By Krystal Hu and Greg Bensinger
SAN FRANCISCO (Reuters) -Federal Trade Commission Chair Lina Khan found some cozy company over the course of a two-day trip through Silicon Valley this week as she looked to reverse her reputation for being a scourge of Big Tech.
In her first trip to the tech hub home to giants and startups in her role, Khan had a key message for Silicon Valley across talks, dinner and events all over the Bay Area: She’s a friend to entrepreneurs and founders.
“I think it’s really important for D.C. to begin engaging directly with the founders with startups, and getting a better sense of what are the risks you see,” Kahn said at startup accelerator Y Combinator on Friday.
The high-profile effort to engage with the tech community marks a shift in Khan’s outreach strategy.
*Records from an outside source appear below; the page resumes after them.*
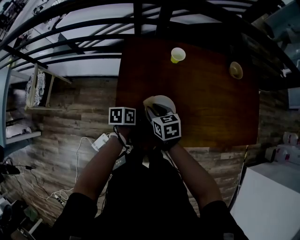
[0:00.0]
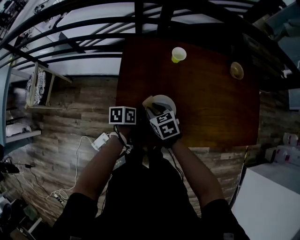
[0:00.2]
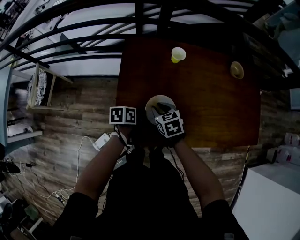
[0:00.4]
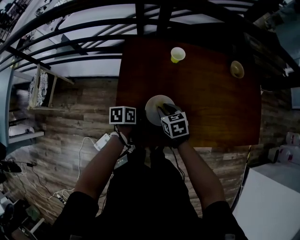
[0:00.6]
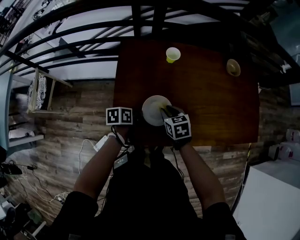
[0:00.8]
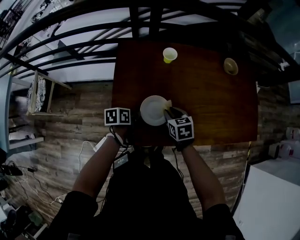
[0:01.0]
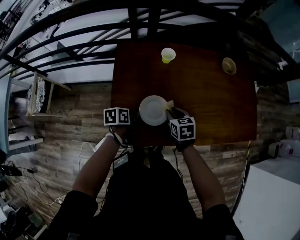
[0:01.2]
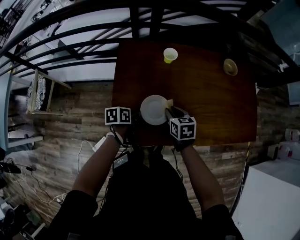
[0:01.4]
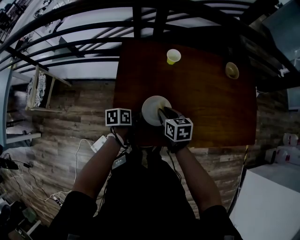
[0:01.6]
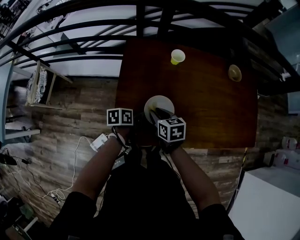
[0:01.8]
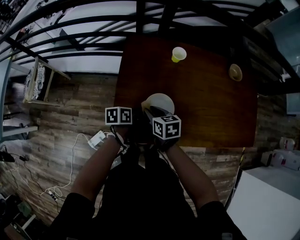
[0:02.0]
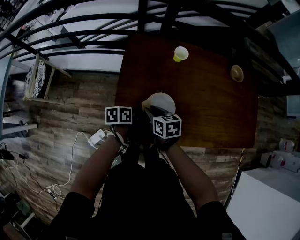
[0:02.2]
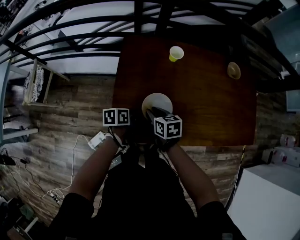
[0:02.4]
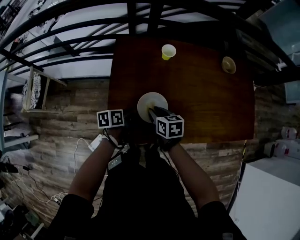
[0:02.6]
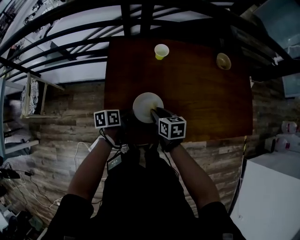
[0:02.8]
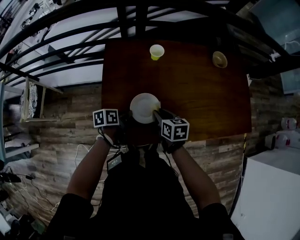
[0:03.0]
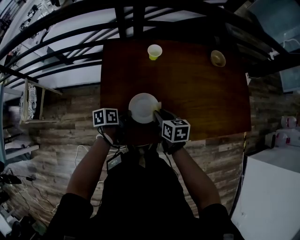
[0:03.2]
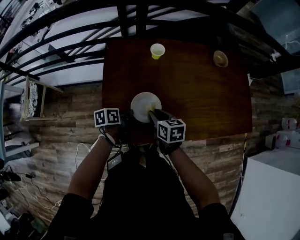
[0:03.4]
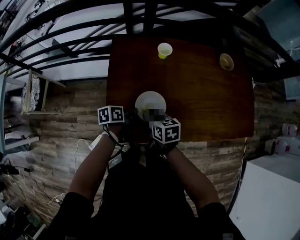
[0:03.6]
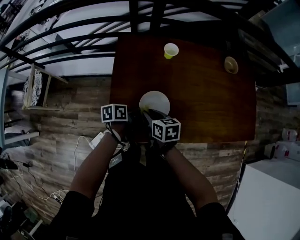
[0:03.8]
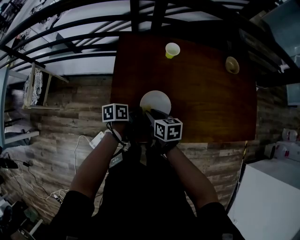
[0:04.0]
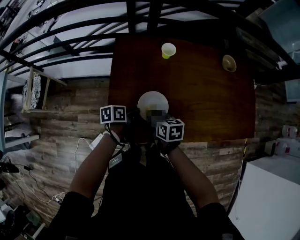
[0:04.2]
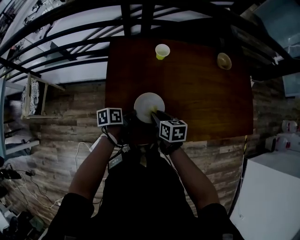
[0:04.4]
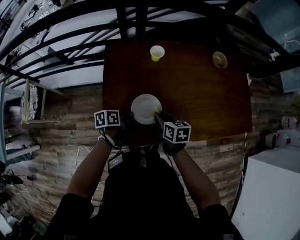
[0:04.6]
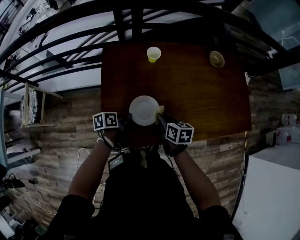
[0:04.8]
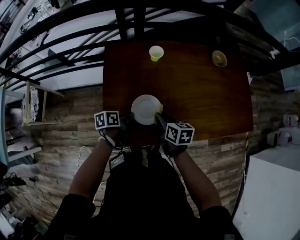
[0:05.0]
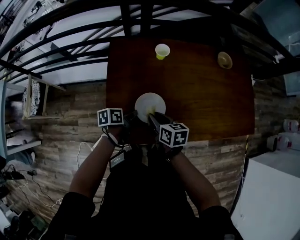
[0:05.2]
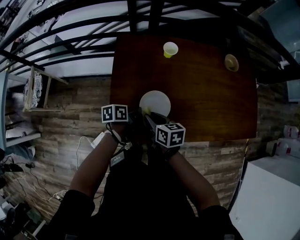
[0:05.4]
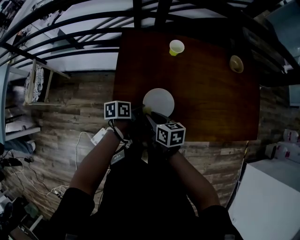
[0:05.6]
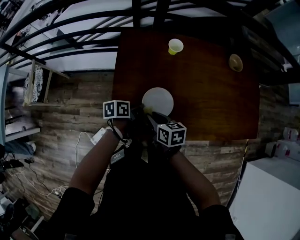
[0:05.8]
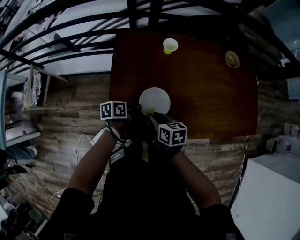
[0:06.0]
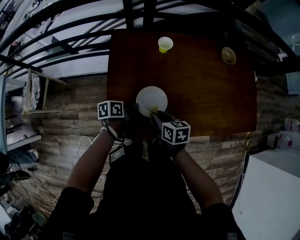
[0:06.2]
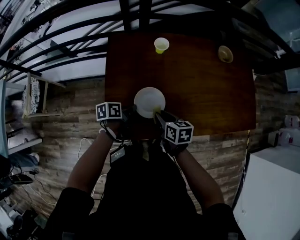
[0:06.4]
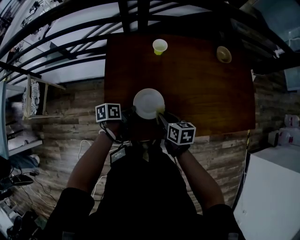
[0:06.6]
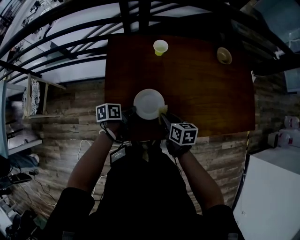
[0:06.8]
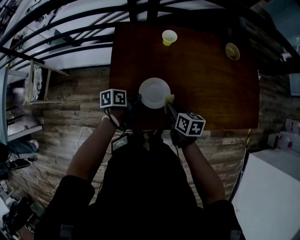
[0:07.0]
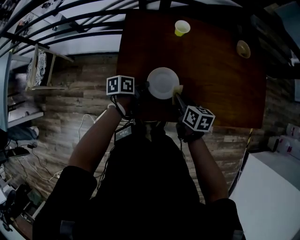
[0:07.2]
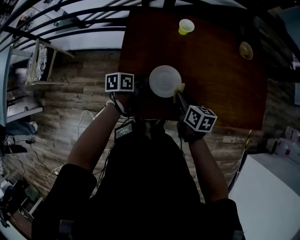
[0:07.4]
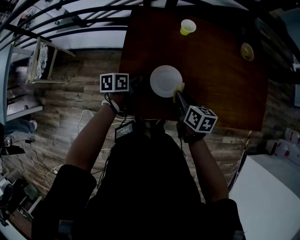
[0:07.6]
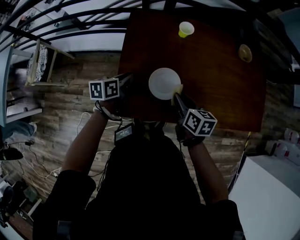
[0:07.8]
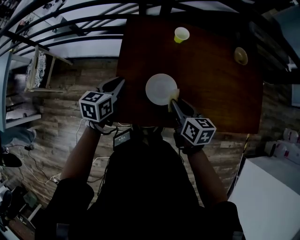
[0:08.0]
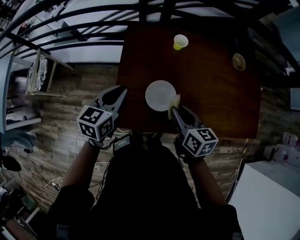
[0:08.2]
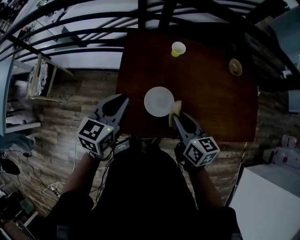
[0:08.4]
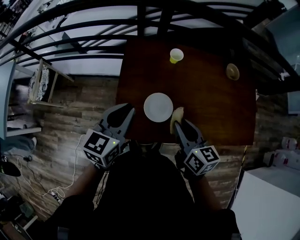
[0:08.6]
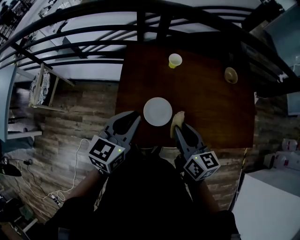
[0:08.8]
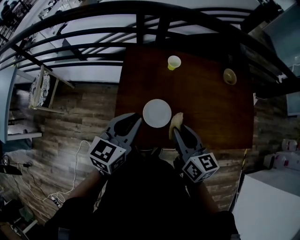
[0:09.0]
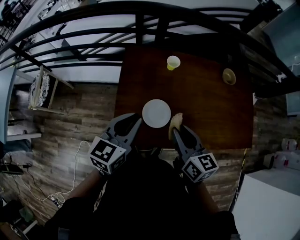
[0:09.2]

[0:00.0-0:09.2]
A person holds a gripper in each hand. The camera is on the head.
0:00.0 to 0:01.6: The right gripper is displaced to the right by about 5 cm.
0:01.6 to 0:03.0: The right gripper reaches approximately 10 cm to the left, then returns.
0:03.0 to 0:04.6: The right gripper goes to the left and returns, roughly 10 cm each way.
0:04.6 to 0:06.2: The right gripper goes to the left and returns, some 10 cm each way.
0:06.2 to 0:07.6: The right gripper changes place by roughly 5 cm; the left gripper shifts approximately 5 cm to the left.
0:07.6 to 0:09.2: Both grippers move upward, approximately 20 cm. The right gripper rotates about 20 degrees, while the left gripper changes its angle by some 50 degrees.

She made a similar, but more low-key attempt in New York in June, meeting a small group of venture capital investors and speaking about tech regulations at a local bookstore.
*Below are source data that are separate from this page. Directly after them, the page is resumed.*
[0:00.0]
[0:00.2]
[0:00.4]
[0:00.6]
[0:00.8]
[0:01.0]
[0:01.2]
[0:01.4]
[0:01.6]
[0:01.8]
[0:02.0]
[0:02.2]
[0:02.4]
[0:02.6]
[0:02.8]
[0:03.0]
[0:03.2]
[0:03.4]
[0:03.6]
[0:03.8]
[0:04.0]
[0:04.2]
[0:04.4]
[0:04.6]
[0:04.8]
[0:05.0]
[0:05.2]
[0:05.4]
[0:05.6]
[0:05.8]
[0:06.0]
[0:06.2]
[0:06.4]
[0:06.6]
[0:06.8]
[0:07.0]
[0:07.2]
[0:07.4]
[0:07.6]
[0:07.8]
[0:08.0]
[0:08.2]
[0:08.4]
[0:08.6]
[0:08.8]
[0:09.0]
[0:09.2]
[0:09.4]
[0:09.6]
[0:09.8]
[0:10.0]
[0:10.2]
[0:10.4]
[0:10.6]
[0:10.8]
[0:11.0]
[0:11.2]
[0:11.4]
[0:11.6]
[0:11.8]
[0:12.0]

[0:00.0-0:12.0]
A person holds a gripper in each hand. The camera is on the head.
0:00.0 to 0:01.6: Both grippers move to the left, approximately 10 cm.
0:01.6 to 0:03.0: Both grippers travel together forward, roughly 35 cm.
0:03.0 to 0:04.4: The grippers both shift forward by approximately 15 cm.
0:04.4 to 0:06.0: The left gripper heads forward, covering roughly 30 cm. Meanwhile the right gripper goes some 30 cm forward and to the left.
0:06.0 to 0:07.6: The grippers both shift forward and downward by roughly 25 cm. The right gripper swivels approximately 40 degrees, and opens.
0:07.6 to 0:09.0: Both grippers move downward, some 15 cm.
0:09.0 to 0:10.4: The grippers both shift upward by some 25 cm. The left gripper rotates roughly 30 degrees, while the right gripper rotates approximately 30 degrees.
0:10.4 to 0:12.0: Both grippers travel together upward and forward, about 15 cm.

Surrounded by tech workers and VC investors in San Francisco, Khan reiterated her focus on artificial intelligence, an area her agency has been tasked with looking into by President Joe Biden’s executive order this week.
“I think there are very reasonable concerns right now that the critical inputs into this technology may already be kind of controlled by a handful of companies, and that we may already be seeing bottlenecks in ways that could impede innovation and competition,” Khan said, noting the agency is look at all layers from graphics processing units, cloud computing to data used by AI models.
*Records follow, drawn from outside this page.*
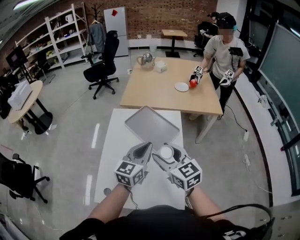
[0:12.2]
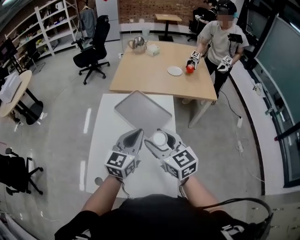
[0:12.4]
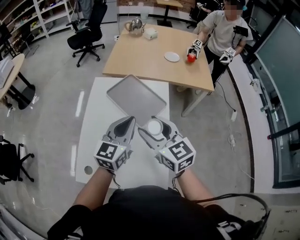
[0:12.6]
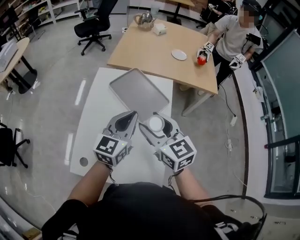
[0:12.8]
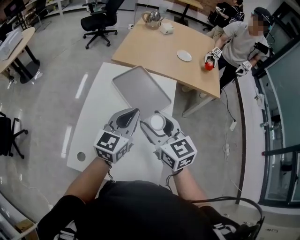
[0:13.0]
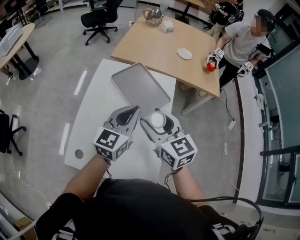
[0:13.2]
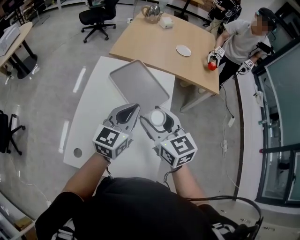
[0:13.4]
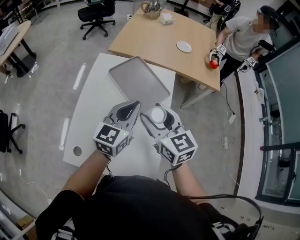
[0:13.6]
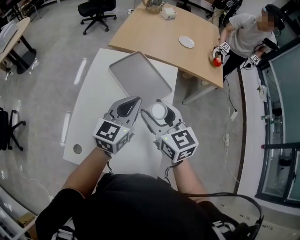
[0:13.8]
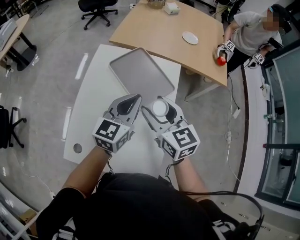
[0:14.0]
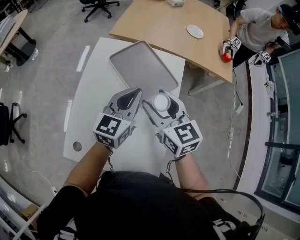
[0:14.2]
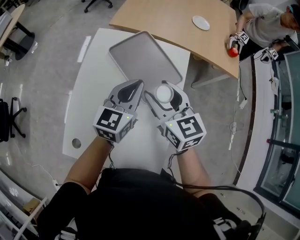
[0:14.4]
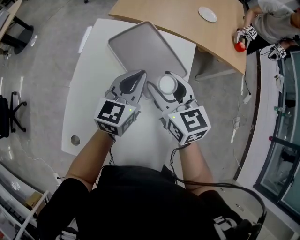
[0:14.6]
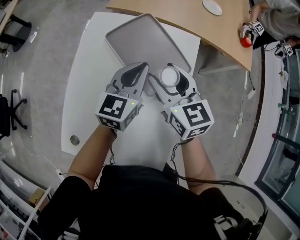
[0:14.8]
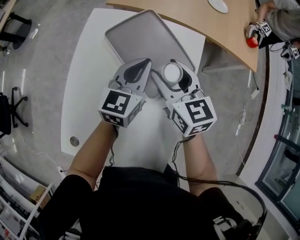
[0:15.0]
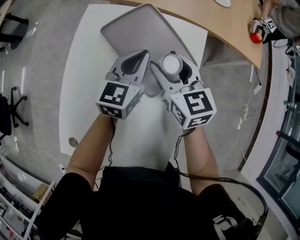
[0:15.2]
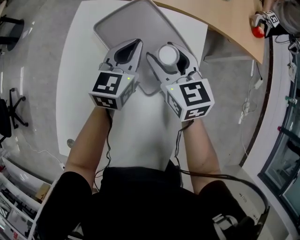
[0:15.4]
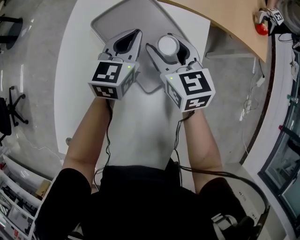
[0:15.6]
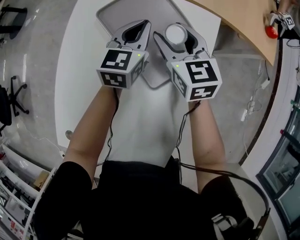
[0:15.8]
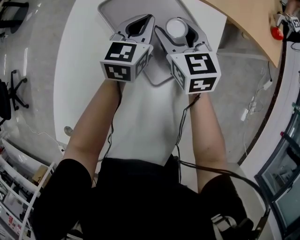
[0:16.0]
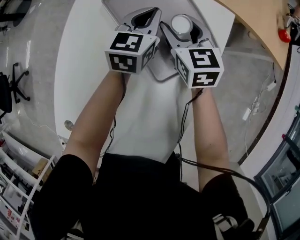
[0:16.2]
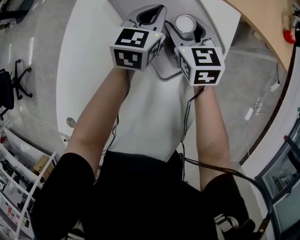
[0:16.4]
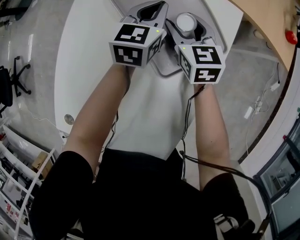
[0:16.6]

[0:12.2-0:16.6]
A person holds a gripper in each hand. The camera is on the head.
0:12.2 to 0:13.6: The two grippers go some 5 cm forward.
0:13.6 to 0:15.2: The grippers both shift forward and downward by some 30 cm.
0:15.2 to 0:16.6: The right gripper shifts approximately 15 cm downward, while the left gripper is displaced downward and forward by approximately 10 cm.

At a Mission District cafe on Thursday where about half the room raised their hands to identify as workers for Big Tech companies, Khan was greeted with applause and scattered cheers for a fireside chat.
Just hours earlier at Stanford University, a man who said he’d worked for Meta said he “was a big fan, even at Meta, of what you did to my boss.” It was an apparent reference to the agency’s suit attempting to block the company’s acquisition of Within Limited, an AI startup.
Even as the FTC was preparing to send a letter to a Republican lawmaker on Friday defending its hard line on what it views as unlawful mergers, including Microsoft’s now-closed $69 billion purchase of Activision, Khan took pains to appear to be a friend to industry workers.
“We’re very much focused on using our laws to protect everybody: Consumers, but also workers,” she said in a standing-room-only nightcap appearance in San Francisco on Thursday. “The FTC’s goals are entirely aligned with innovators and entrepreneurs.”
Big Tech companies, particularly Amazon and Meta, view Khan, who rose to prominence after publishing a 2017 academic article pointing to Amazon’s practices as anticompetitive, as an impediment.
Both companies sought shortly after her taking the job to have her recuse herself from any antitrust investigations into its practices, indicating in filings at the time they did not view her as impartial.